(WHAT THIS TASK INVOLVES)
Restate each entry below word for word, without skipping any.

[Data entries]
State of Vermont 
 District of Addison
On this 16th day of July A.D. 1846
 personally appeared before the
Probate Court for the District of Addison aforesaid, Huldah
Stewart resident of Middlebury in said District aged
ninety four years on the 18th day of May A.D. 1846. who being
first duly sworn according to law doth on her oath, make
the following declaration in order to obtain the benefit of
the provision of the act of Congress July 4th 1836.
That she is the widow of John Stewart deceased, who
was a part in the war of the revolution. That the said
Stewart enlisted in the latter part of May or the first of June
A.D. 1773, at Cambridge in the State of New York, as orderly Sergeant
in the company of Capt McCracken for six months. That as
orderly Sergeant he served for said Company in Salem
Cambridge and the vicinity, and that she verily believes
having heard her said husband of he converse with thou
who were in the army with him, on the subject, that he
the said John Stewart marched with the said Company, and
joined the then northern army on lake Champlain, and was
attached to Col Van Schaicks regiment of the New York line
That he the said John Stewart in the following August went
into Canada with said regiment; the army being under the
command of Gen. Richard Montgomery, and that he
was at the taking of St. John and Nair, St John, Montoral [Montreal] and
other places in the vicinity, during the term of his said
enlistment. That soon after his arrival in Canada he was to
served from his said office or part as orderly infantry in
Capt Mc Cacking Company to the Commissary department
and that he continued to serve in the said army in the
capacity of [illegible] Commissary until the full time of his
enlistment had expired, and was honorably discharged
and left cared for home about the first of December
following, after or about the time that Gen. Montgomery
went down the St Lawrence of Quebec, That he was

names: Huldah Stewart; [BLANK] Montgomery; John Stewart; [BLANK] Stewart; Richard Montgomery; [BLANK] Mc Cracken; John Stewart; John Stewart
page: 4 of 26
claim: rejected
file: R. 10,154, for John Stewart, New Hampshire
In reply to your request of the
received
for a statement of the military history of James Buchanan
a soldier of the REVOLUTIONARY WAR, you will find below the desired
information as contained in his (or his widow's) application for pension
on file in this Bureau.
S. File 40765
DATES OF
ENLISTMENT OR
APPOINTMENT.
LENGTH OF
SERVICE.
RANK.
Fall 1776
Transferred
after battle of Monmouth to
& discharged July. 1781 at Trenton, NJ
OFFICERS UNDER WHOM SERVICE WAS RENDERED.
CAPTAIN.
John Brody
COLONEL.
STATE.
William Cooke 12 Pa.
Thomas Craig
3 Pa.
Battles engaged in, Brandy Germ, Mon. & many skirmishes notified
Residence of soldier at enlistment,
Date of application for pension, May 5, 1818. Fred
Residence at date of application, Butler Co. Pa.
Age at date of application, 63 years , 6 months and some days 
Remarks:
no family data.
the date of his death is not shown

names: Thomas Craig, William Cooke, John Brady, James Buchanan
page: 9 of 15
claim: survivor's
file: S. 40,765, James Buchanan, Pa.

(FINISHED TASK)
State of Vermont 
 District of Addison
On this 16th day of July A.D. 1846
 personally appeared before the
Probate Court for the District of Addison aforesaid, Huldah
Stewart resident of Middlebury in said District aged
ninety four years on the 18th day of May A.D. 1846. who being
first duly sworn according to law doth on her oath, make
the following declaration in order to obtain the benefit of
the provision of the act of Congress July 4th 1836.
That she is the widow of John Stewart deceased, who
was a part in the war of the revolution. That the said
Stewart enlisted in the latter part of May or the first of June
A.D. 1773, at Cambridge in the State of New York, as orderly Sergeant
in the company of Capt McCracken for six months. That as
orderly Sergeant he served for said Company in Salem
Cambridge and the vicinity, and that she verily believes
having heard her said husband of he converse with thou
who were in the army with him, on the subject, that he
the said John Stewart marched with the said Company, and
joined the then northern army on lake Champlain, and was
attached to Col Van Schaicks regiment of the New York line
That he the said John Stewart in the following August went
into Canada with said regiment; the army being under the
command of Gen. Richard Montgomery, and that he
was at the taking of St. John and Nair, St John, Montoral [Montreal] and
other places in the vicinity, during the term of his said
enlistment. That soon after his arrival in Canada he was to
served from his said office or part as orderly infantry in
Capt Mc Cacking Company to the Commissary department
and that he continued to serve in the said army in the
capacity of [illegible] Commissary until the full time of his
enlistment had expired, and was honorably discharged
and left cared for home about the first of December
following, after or about the time that Gen. Montgomery
went down the St Lawrence of Quebec, That he was

names: Huldah Stewart; [BLANK] Montgomery; John Stewart; [BLANK] Stewart; Richard Montgomery; [BLANK] Mc Cracken; John Stewart; John Stewart
page: 4 of 26
claim: rejected
file: R. 10,154, for John Stewart, New Hampshire
In reply to your request of the
received
for a statement of the military history of James Buchanan
a soldier of the REVOLUTIONARY WAR, you will find below the desired
information as contained in his (or his widow's) application for pension
on file in this Bureau.
S. File 40765
DATES OF
ENLISTMENT OR
APPOINTMENT.
LENGTH OF
SERVICE.
RANK.
Fall 1776
Transferred
after battle of Monmouth to
& discharged July. 1781 at Trenton, NJ
OFFICERS UNDER WHOM SERVICE WAS RENDERED.
CAPTAIN.
John Brody
COLONEL.
STATE.
William Cooke 12 Pa.
Thomas Craig
3 Pa.
Battles engaged in, Brandy Germ, Mon. & many skirmishes notified
Residence of soldier at enlistment,
Date of application for pension, May 5, 1818. Fred
Residence at date of application, Butler Co. Pa.
Age at date of application, 63 years , 6 months and some days 
Remarks:
no family data.
the date of his death is not shown

names: Thomas Craig, William Cooke, John Brady, James Buchanan
page: 9 of 15
claim: survivor's
file: S. 40,765, James Buchanan, Pa.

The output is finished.